Exercise description: Return each entry below word for word, leaving out any image.

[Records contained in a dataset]
◇ ◇ ◇ ◇ ◇
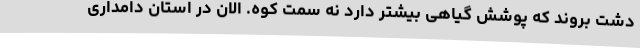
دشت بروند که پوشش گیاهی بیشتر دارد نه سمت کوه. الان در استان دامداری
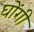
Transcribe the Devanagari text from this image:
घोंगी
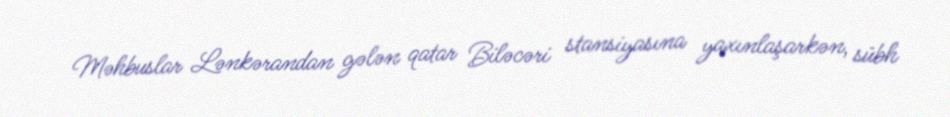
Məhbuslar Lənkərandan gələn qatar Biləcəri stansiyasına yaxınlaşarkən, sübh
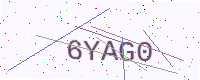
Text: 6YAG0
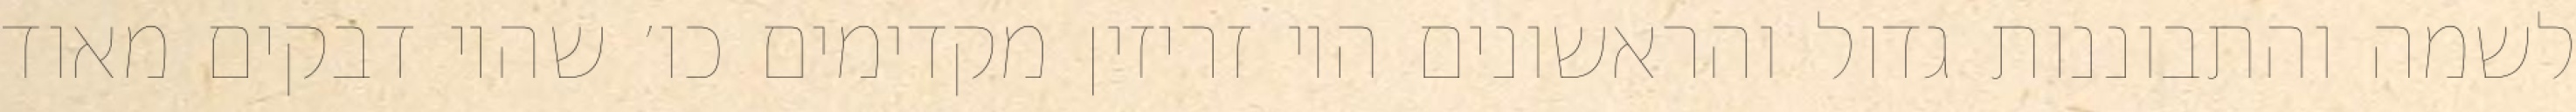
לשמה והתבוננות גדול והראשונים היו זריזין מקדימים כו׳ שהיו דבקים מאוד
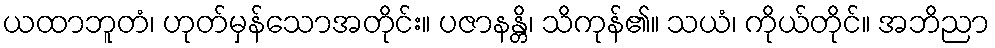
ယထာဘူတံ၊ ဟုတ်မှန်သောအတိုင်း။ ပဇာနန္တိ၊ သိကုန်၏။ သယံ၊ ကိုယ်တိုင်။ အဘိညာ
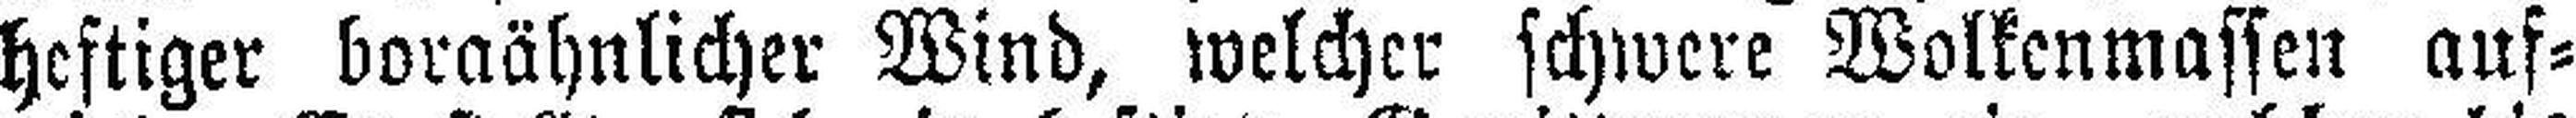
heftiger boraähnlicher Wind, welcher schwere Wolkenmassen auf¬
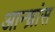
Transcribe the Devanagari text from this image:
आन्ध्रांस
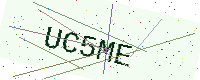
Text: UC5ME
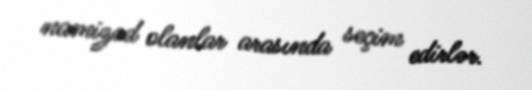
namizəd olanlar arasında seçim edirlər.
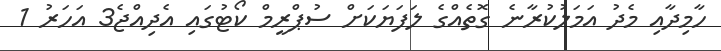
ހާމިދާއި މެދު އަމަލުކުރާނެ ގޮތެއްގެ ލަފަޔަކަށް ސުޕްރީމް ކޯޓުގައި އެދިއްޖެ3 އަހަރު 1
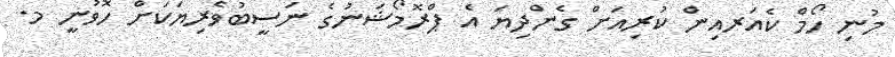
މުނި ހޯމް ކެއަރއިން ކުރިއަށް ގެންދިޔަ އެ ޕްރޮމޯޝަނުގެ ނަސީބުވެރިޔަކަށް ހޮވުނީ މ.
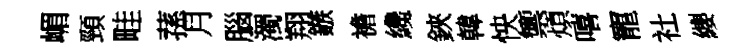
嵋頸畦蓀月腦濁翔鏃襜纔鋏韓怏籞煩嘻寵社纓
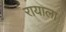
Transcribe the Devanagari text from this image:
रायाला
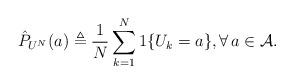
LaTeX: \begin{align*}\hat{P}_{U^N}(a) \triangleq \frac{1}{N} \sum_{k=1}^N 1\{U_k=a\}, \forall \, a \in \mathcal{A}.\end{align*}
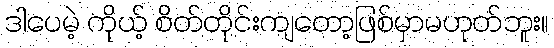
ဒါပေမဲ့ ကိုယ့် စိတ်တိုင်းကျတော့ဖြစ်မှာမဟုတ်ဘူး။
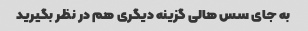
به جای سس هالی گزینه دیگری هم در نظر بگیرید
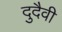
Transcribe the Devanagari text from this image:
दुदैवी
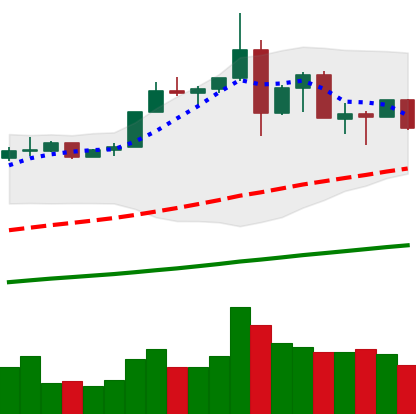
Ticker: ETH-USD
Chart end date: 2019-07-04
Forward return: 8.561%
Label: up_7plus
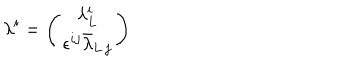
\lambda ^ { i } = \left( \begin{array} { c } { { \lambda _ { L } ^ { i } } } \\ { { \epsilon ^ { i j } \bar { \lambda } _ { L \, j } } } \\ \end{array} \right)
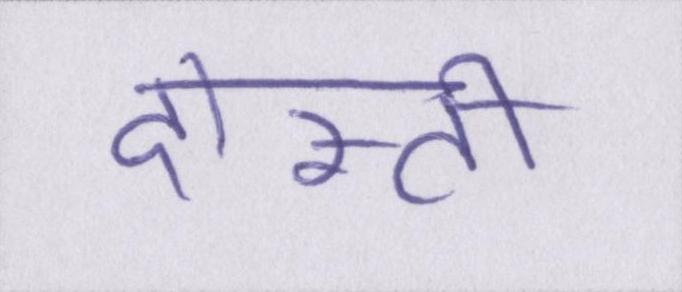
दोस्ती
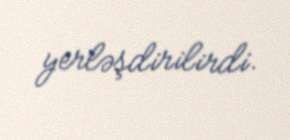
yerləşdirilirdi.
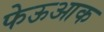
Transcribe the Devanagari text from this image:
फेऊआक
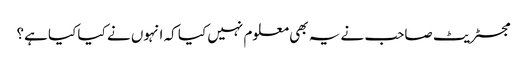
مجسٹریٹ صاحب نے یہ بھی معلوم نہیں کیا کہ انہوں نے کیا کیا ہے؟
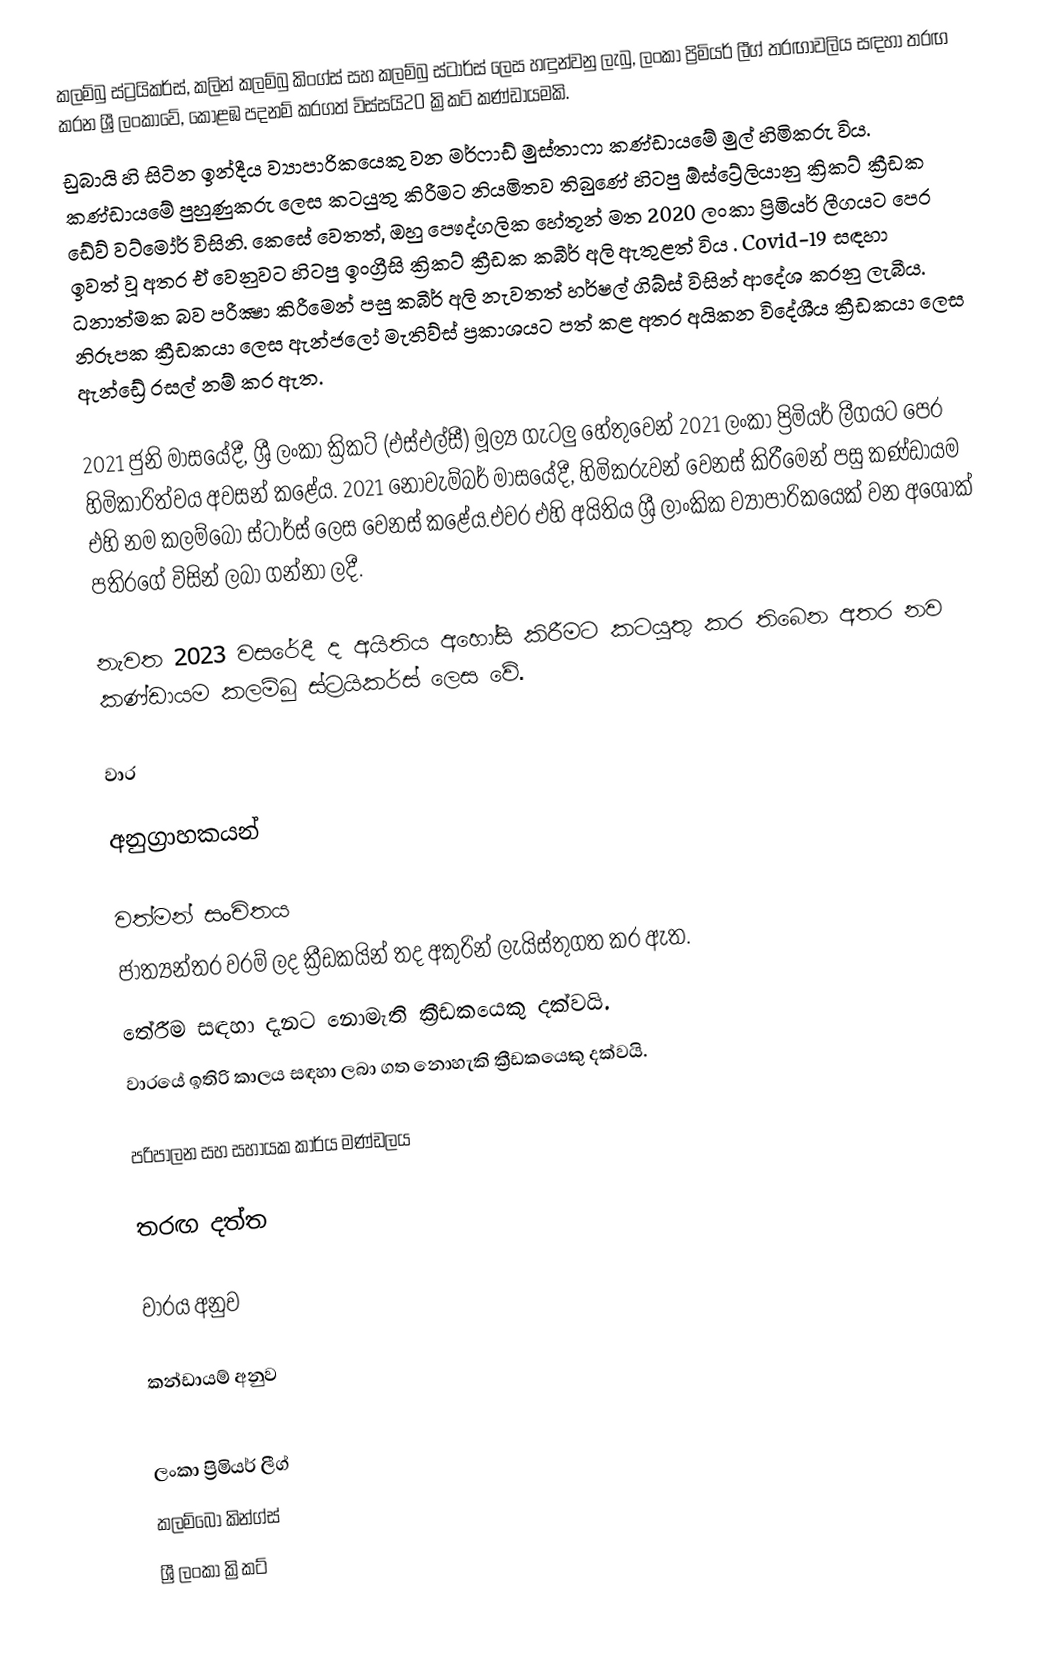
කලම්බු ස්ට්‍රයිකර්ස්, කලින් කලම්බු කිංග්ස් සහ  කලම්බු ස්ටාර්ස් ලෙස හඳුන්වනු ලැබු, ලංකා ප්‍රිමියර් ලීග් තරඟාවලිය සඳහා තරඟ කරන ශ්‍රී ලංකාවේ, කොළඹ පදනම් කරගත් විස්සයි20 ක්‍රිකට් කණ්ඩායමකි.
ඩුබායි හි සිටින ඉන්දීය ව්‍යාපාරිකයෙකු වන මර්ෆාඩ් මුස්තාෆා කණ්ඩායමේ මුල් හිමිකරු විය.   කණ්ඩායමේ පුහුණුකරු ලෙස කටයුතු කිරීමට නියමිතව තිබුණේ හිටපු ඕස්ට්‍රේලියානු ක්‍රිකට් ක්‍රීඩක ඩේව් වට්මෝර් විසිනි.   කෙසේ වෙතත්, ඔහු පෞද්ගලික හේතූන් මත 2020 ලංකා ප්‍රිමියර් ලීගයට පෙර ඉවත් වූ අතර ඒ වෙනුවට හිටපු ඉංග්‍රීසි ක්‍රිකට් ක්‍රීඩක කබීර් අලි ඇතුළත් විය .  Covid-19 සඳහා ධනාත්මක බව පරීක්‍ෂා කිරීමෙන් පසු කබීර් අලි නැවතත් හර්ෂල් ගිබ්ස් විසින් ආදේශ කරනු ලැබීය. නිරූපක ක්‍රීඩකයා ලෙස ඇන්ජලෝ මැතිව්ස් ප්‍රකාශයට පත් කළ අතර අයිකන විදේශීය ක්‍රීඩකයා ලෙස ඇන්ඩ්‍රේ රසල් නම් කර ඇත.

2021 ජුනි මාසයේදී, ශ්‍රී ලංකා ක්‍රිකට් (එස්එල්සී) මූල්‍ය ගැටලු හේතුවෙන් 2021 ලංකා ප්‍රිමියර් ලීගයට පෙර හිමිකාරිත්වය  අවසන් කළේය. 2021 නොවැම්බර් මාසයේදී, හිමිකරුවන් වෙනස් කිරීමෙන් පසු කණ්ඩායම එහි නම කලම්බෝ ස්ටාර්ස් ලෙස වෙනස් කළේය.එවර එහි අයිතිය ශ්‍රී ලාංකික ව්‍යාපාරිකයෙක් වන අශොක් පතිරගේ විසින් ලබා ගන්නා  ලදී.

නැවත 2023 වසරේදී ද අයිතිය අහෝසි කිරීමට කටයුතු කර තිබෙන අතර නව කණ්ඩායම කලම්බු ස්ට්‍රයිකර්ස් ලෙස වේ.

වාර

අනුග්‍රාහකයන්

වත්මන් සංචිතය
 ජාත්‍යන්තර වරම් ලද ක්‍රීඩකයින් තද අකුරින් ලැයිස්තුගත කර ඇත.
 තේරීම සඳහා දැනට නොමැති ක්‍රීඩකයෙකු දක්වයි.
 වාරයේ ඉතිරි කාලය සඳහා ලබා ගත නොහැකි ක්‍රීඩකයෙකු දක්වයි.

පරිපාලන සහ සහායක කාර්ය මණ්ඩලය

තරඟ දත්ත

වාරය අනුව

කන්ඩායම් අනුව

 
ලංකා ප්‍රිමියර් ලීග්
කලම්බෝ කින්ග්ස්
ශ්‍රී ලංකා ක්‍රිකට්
◇ ◇ ◇ ◇ ◇
Answer:
دشت بروند که پوشش گیاهی بیشتر دارد نه سمت کوه. الان در استان دامداری
Transcribe the Devanagari text from this image:
घोंगी
Məhbuslar Lənkərandan gələn qatar Biləcəri stansiyasına yaxınlaşarkən, sübh
Text: 6YAG0
לשמה והתבוננות גדול והראשונים היו זריזין מקדימים כו׳ שהיו דבקים מאוד
ယထာဘူတံ၊ ဟုတ်မှန်သောအတိုင်း။ ပဇာနန္တိ၊ သိကုန်၏။ သယံ၊ ကိုယ်တိုင်။ အဘိညာ
heftiger boraähnlicher Wind, welcher schwere Wolkenmassen auf¬
Transcribe the Devanagari text from this image:
आन्ध्रांस
Text: UC5ME
namizəd olanlar arasında seçim edirlər.
ހާމިދާއި މެދު އަމަލުކުރާނެ ގޮތެއްގެ ލަފަޔަކަށް ސުޕްރީމް ކޯޓުގައި އެދިއްޖެ3 އަހަރު 1
މުނި ހޯމް ކެއަރއިން ކުރިއަށް ގެންދިޔަ އެ ޕްރޮމޯޝަނުގެ ނަސީބުވެރިޔަކަށް ހޮވުނީ މ.
嵋頸畦蓀月腦濁翔鏃襜纔鋏韓怏籞煩嘻寵社纓
Transcribe the Devanagari text from this image:
रायाला
LaTeX: \begin{align*}\hat{P}_{U^N}(a) \triangleq \frac{1}{N} \sum_{k=1}^N 1\{U_k=a\}, \forall \, a \in \mathcal{A}.\end{align*}
ဒါပေမဲ့ ကိုယ့် စိတ်တိုင်းကျတော့ဖြစ်မှာမဟုတ်ဘူး။
به جای سس هالی گزینه دیگری هم در نظر بگیرید
Transcribe the Devanagari text from this image:
दुदैवी
Ticker: ETH-USD
Chart end date: 2019-07-04
Forward return: 8.561%
Label: up_7plus
\lambda ^ { i } = \left( \begin{array} { c } { { \lambda _ { L } ^ { i } } } \\ { { \epsilon ^ { i j } \bar { \lambda } _ { L \, j } } } \\ \end{array} \right)
दोस्ती
yerləşdirilirdi.
Transcribe the Devanagari text from this image:
फेऊआक
مجسٹریٹ صاحب نے یہ بھی معلوم نہیں کیا کہ انہوں نے کیا کیا ہے؟
කලම්බු ස්ට්‍රයිකර්ස්, කලින් කලම්බු කිංග්ස් සහ  කලම්බු ස්ටාර්ස් ලෙස හඳුන්වනු ලැබු, ලංකා ප්‍රිමියර් ලීග් තරඟාවලිය සඳහා තරඟ කරන ශ්‍රී ලංකාවේ, කොළඹ පදනම් කරගත් විස්සයි20 ක්‍රිකට් කණ්ඩායමකි.
ඩුබායි හි සිටින ඉන්දීය ව්‍යාපාරිකයෙකු වන මර්ෆාඩ් මුස්තාෆා කණ්ඩායමේ මුල් හිමිකරු විය.   කණ්ඩායමේ පුහුණුකරු ලෙස කටයුතු කිරීමට නියමිතව තිබුණේ හිටපු ඕස්ට්‍රේලියානු ක්‍රිකට් ක්‍රීඩක ඩේව් වට්මෝර් විසිනි.   කෙසේ වෙතත්, ඔහු පෞද්ගලික හේතූන් මත 2020 ලංකා ප්‍රිමියර් ලීගයට පෙර ඉවත් වූ අතර ඒ වෙනුවට හිටපු ඉංග්‍රීසි ක්‍රිකට් ක්‍රීඩක කබීර් අලි ඇතුළත් විය .  Covid-19 සඳහා ධනාත්මක බව පරීක්‍ෂා කිරීමෙන් පසු කබීර් අලි නැවතත් හර්ෂල් ගිබ්ස් විසින් ආදේශ කරනු ලැබීය. නිරූපක ක්‍රීඩකයා ලෙස ඇන්ජලෝ මැතිව්ස් ප්‍රකාශයට පත් කළ අතර අයිකන විදේශීය ක්‍රීඩකයා ලෙස ඇන්ඩ්‍රේ රසල් නම් කර ඇත.

2021 ජුනි මාසයේදී, ශ්‍රී ලංකා ක්‍රිකට් (එස්එල්සී) මූල්‍ය ගැටලු හේතුවෙන් 2021 ලංකා ප්‍රිමියර් ලීගයට පෙර හිමිකාරිත්වය  අවසන් කළේය. 2021 නොවැම්බර් මාසයේදී, හිමිකරුවන් වෙනස් කිරීමෙන් පසු කණ්ඩායම එහි නම කලම්බෝ ස්ටාර්ස් ලෙස වෙනස් කළේය.එවර එහි අයිතිය ශ්‍රී ලාංකික ව්‍යාපාරිකයෙක් වන අශොක් පතිරගේ විසින් ලබා ගන්නා  ලදී.

නැවත 2023 වසරේදී ද අයිතිය අහෝසි කිරීමට කටයුතු කර තිබෙන අතර නව කණ්ඩායම කලම්බු ස්ට්‍රයිකර්ස් ලෙස වේ.

වාර

අනුග්‍රාහකයන්

වත්මන් සංචිතය
 ජාත්‍යන්තර වරම් ලද ක්‍රීඩකයින් තද අකුරින් ලැයිස්තුගත කර ඇත.
 තේරීම සඳහා දැනට නොමැති ක්‍රීඩකයෙකු දක්වයි.
 වාරයේ ඉතිරි කාලය සඳහා ලබා ගත නොහැකි ක්‍රීඩකයෙකු දක්වයි.

පරිපාලන සහ සහායක කාර්ය මණ්ඩලය

තරඟ දත්ත

වාරය අනුව

කන්ඩායම් අනුව

 
ලංකා ප්‍රිමියර් ලීග්
කලම්බෝ කින්ග්ස්
ශ්‍රී ලංකා ක්‍රිකට්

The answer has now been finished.